Communities are great platform for you to talk to your customers. Connected people, powerful devices and web-based platform can provide you all you need to interact with your customers. You got all the tools, so now it’s about how well you use them. It’s about how you take in the input from your customers, how welcome and important you make them feel and how you use the platform to promote your objective.

There’s large amount of data available to mine intelligence about your customers. Using data extraction and mining technology, you can find in-depth information about your customers. It’s about how you use this information, how you make your message more appealing to your audience and how you implement changes to provide the best products to your customers.

Technology is a great enabler. Over the ages it has opened new avenues and empowered us in new ways. That’s not going to stop.
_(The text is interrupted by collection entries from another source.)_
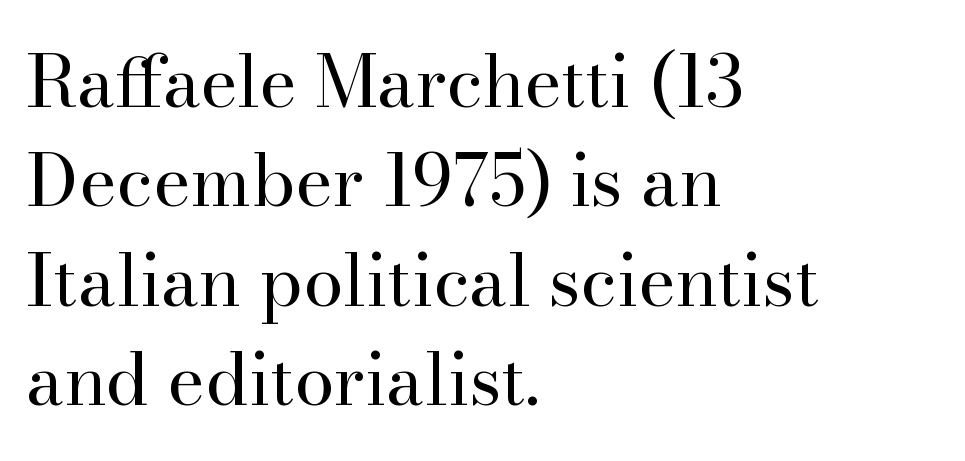
Every character sits straight up, as roman type does. Short note: letters normally spaced. The line-height multiplier appears to be the usual default. The glyphs in this specimen are seriffed.
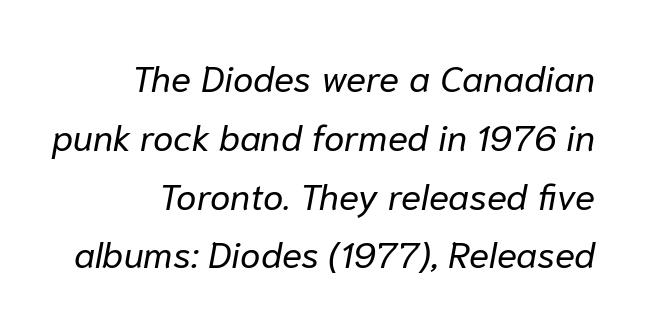
Q: Is the text bold? A: No.
Q: Is the text italic (slanted)? A: Yes, it leans right by about 10 degrees.
Q: Is the text underlined? A: No.
Q: Is the spacing between letters normal or unusually wide? A: Normal.
Q: Is the spacing between lines tight, normal or loose? A: Normal.
Q: Width (condensed, normal, or wide)? A: Normal.
Q: Stroke contrast? A: Low.
Q: x-height? A: Medium.
Q: Monospaced? A: No.
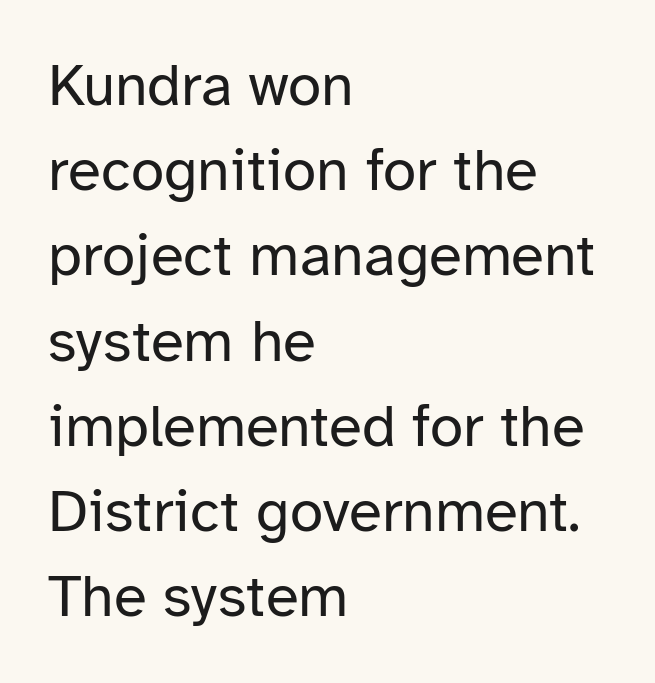
{"serif": "no", "italic": "no", "bold": "no", "weight": "regular", "width": "normal", "stroke_contrast": "low", "x_height": "medium", "monospaced": "no", "underline": "no", "align": "left", "line_spacing": "normal", "line_spacing_ratio": 1.42, "letter_spacing": "normal", "letter_spacing_em": 0.0, "glyph_px": 60}

A decade from now, you will get something more revolutionary to make the current new media and customer intelligence appear traditional. The important thing is to accept it and make it about how we can use it and make the most of it.

Community Inference for Market Research

Market research is one of the most fascinating areas in the world of marketing. Companies spend billions of dollars each year on getting market research done. Nielsen, one of the pioneers in the field of market research, made $3.7 billion in 2006 to find which product sells, which TV programs people watch and which music and books were getting consumed. Whether it’s a washing detergent or a presidential candidate, market research has its role to play.
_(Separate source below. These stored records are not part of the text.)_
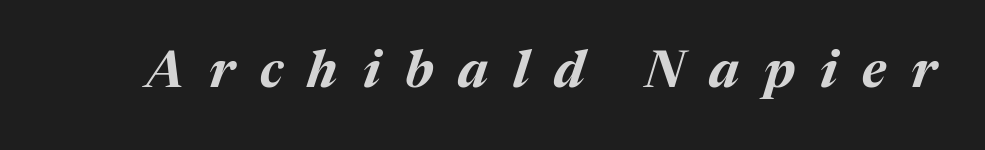
You could not count columns in this text — the font is proportionally spaced. Does extra space separate the letters? Yes, quite a lot of it. Glance below the letters and you will spot only blank space. The letters are bold, with thick, heavy strokes.
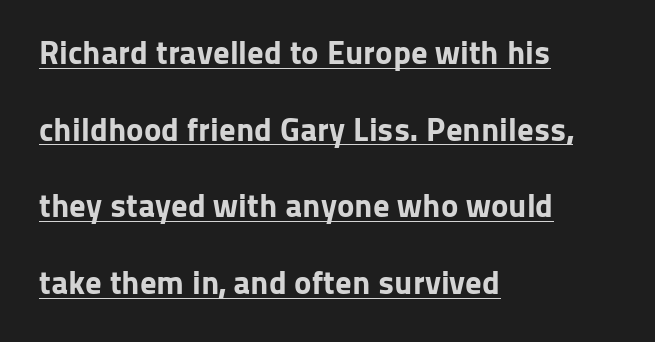
Q: Is the text bold? A: Yes.
Q: Is the text italic (slanted)? A: No, it is upright.
Q: Is the typeface a serif or a sans-serif typeface? A: Sans-serif.
Q: Is the text underlined? A: Yes.
Q: How is the paragraph aligned? A: Left-aligned.
Q: Is the spacing between letters normal or unusually wide? A: Normal.
Q: Is the spacing between lines tight, normal or loose? A: Loose.
Q: Width (condensed, normal, or wide)? A: Normal.
Q: Stroke contrast? A: Low.
Q: x-height? A: Medium.
Q: Monospaced? A: No.
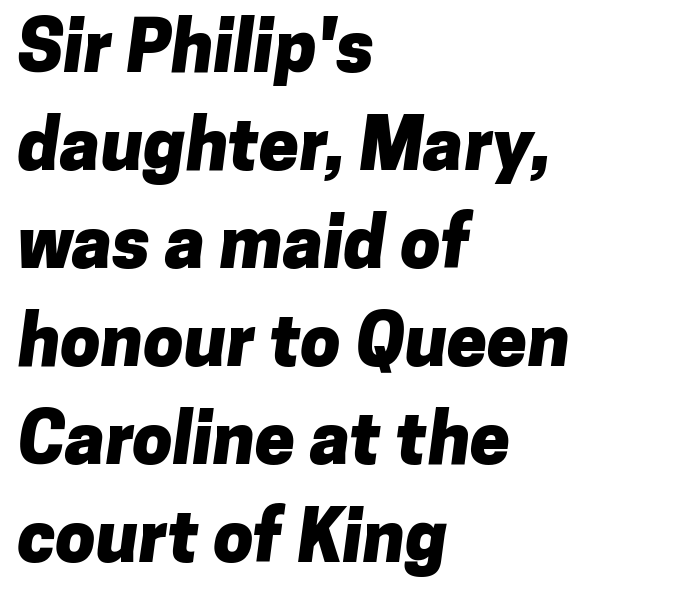
{"serif": "no", "bold": "yes", "weight": "heavy", "width": "normal", "stroke_contrast": "low", "x_height": "medium", "monospaced": "no", "underline": "no", "align": "left", "line_spacing": "normal", "line_spacing_ratio": 1.36, "letter_spacing": "normal", "letter_spacing_em": 0.0, "glyph_px": 72}

A survey based market research has a huge dependence on a couple of things: what questions are being asked to the people and the sample of people to which the questions are being asked. The basic shortfall of such a market research is that the results can be skewed by tampering either one of these parameters. Plus the opinion of the target group is limited to the objective questions asked and to add to that the consensus building exercise is closed and constraint.

Another way to do market research is by using the social media. People talk about your product, their problems and how they are trying to solve them on social networks. They discuss and critic. Researchers can monitor conversations people have on various social network and infer what people want using these conversations. To make these conversations more fruitful, the company can host discussions. It can provide a community platform to customers and marketers to facilitate direct communication. This community – controlled and monitored – can be analysed by the researchers to reach to a consensus with the help of direct customer participation.

A community based market research has a few key advantages. The information gathered is broader as compared to what is gathered through surveys providing researchers reasoning behind a customer’s poll choice. And the consensus is built in an open environment, with active customer interaction, making it more credible and effective.